使用boost :: spirit解析Newick语法

问题描述:

我想使用boost :: spirit库解析Newick语法(定义为here)。使用boost :: spirit解析Newick语法

我已经做了我自己的解析器,它正确识别语法。这是它的代码:

#define BOOST_SPIRIT_DEBUG 

#include <boost/spirit/include/qi.hpp> 
#include <boost/variant/recursive_variant.hpp> 
#include <boost/fusion/include/adapt_struct.hpp> 
#include <vector> 

namespace parser 
{ 
    struct ptree; 

    typedef boost::variant<boost::recursive_wrapper<ptree>> ptree_recursive; 
    struct ptree 
    { 
     std::vector<ptree_recursive> children; 
     std::string name; 
     double length; 
    }; 

    /* Used to cast ptree_recursive into ptree. */ 
    class ptree_visitor : public boost::static_visitor<ptree> 
    { 
    public: 
     ptree operator() (ptree tree) const 
     { 
      return tree; 
     } 
    }; 
} 

BOOST_FUSION_ADAPT_STRUCT(
    parser::ptree, 
    (std::vector<parser::ptree_recursive>, children) 
    (std::string, name) 
    (double, length) 
) 

namespace parser 
{ 
    namespace qi = boost::spirit::qi; 
    namespace ascii = boost::spirit::ascii; 

    template<typename Iterator> 
    struct newick_grammar : qi::grammar<Iterator, ptree(), ascii::space_type> 
    { 
     public: 
      newick_grammar() : newick_grammar::base_type(tree) 
      { 
       using qi::lexeme; 
       using qi::double_; 
       using ascii::char_; 

       /* This is the only grammar that works fine: 
       * http://evolution.genetics.washington.edu/phylip/newick_doc.html */ 
       label = lexeme[+(char_ - ':' - ')' - ',')]; 
       branch_length = ':' >> double_; 

       subtree = 
         -descendant_list 
        >> -label 
        >> -branch_length; 

       descendant_list = 
         '(' 
        >> subtree 
        >> *(',' >> subtree) 
        >> ')'; 

       tree = subtree >> ';'; 

       BOOST_SPIRIT_DEBUG_NODE(label); 
       BOOST_SPIRIT_DEBUG_NODE(branch_length); 
       BOOST_SPIRIT_DEBUG_NODE(subtree); 
       BOOST_SPIRIT_DEBUG_NODE(descendant_list); 
       BOOST_SPIRIT_DEBUG_NODE(tree); 
      } 

     private: 

      /* grammar rules */ 
      qi::rule<Iterator, ptree(), ascii::space_type> tree, subtree; 
      qi::rule<Iterator, ptree_recursive(), ascii::space_type> descendant_list; 
      qi::rule<Iterator, double(), ascii::space_type> branch_length; 
      qi::rule<Iterator, std::string(), ascii::space_type> label; 
    }; 
} 

给解析器的ptree实例存储了newick树。 测试字符串,用于该代码,是下列之一:

(((One:0.1,Two:0.2)Sub1:0.3,(Three:0.4,Four:0.5)Sub2:0.6)Sub3:0.7,Five:0.8)Root:0.9; 

解析器正确识别语法,但它产生的局部树。特别是,prtree实例,包含“根”节点及其第一个“Sub3”子节点。 我试图使用push_at和at_c方法(解释here)aswel。我有同样的结果。

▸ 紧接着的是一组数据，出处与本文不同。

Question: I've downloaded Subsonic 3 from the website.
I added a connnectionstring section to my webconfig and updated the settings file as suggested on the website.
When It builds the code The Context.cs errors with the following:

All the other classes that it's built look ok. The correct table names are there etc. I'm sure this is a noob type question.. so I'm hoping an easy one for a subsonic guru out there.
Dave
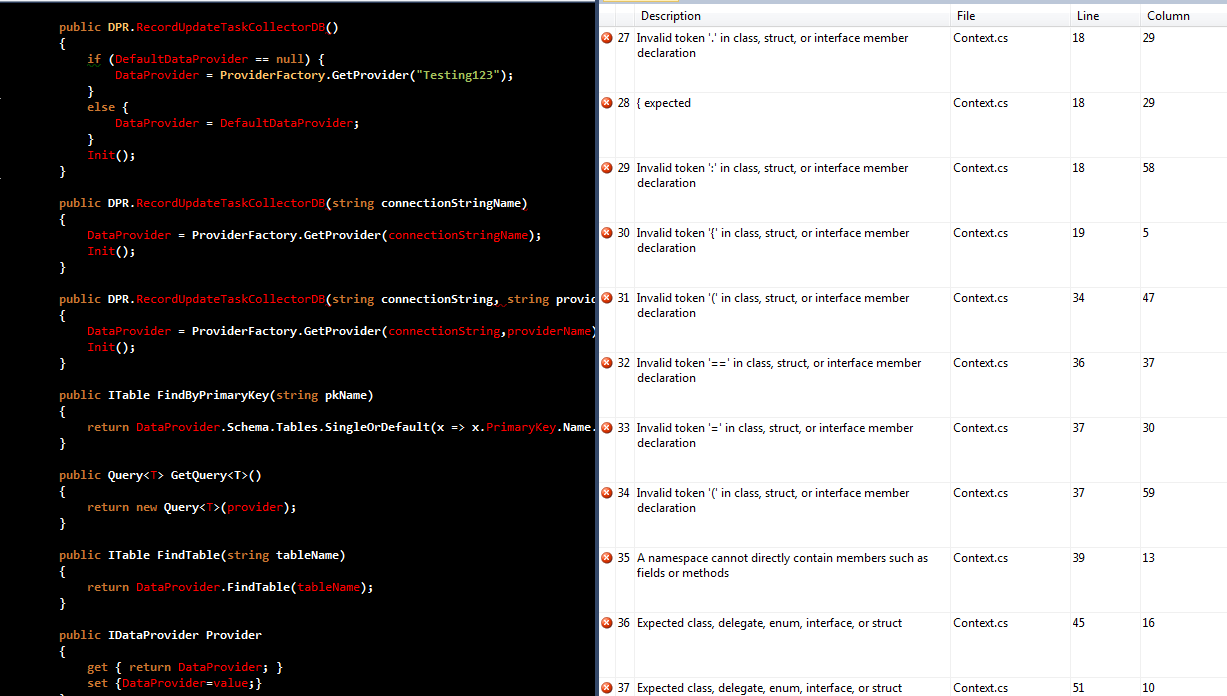
Answer: That "DPR." prefixing your constructors is wrong.
Look at the line that declares the DatabaseName variable, it's line 26 in my copy. Does it look like this?
'''
const string DatabaseName = "DPR.RecordUpdateTaskCollector";
'''
(the SS3 templates append "DB" onto whatever name you provide)
If so, just remove the "DPR.". If you need that as the namespace, the correct spot is a few lines up where the "Namespace" variable is declared.

为什么语法似乎不会创建并添加所有节点,即使能够识别语法并将树作为aswel?

感谢您的建议。

SOLUTION

template<typename Iterator> 
    struct newick_grammar : qi::grammar<Iterator, base::ptree()> 
    { 
     public: 
      newick_grammar() : newick_grammar::base_type(tree) 
      { 
       /* This is the only grammar that works fine: 
       * http://evolution.genetics.washington.edu/phylip/newick_doc.html */ 
       label %= qi::lexeme[+(qi::char_ - ':' - ')' - ',')]; 
       branch_length %= ':' >> qi::double_; 

       subtree = 
         -descendant_list 
        >> -label 
        >> -branch_length; 

       descendant_list = 
         '(' 
        >> subtree 
        >> *(',' >> subtree) 
        >> ')'; 

       tree %= subtree >> ';'; 

       BOOST_SPIRIT_DEBUG_NODE(label); 
       BOOST_SPIRIT_DEBUG_NODE(branch_length); 
       BOOST_SPIRIT_DEBUG_NODE(subtree); 
       BOOST_SPIRIT_DEBUG_NODE(descendant_list); 
       BOOST_SPIRIT_DEBUG_NODE(tree); 
      } 

     private: 

      /* grammar rules */ 
      qi::rule<Iterator, base::ptree()> tree, subtree; 
      qi::rule<Iterator, base::children_ptree()> descendant_list; 
      qi::rule<Iterator, double()> branch_length; 
      qi::rule<Iterator, std::string()> label; 
    }; 

我认为这是在你的程序有很多货物*编码。例如,变体完全无用。所以我重新编写了一下,添加了一些评论以帮助你理解(如果不清楚,请不要犹豫,在评论中提问)。我把这个空间说明放在一边,因为我认为这对你的情况没用。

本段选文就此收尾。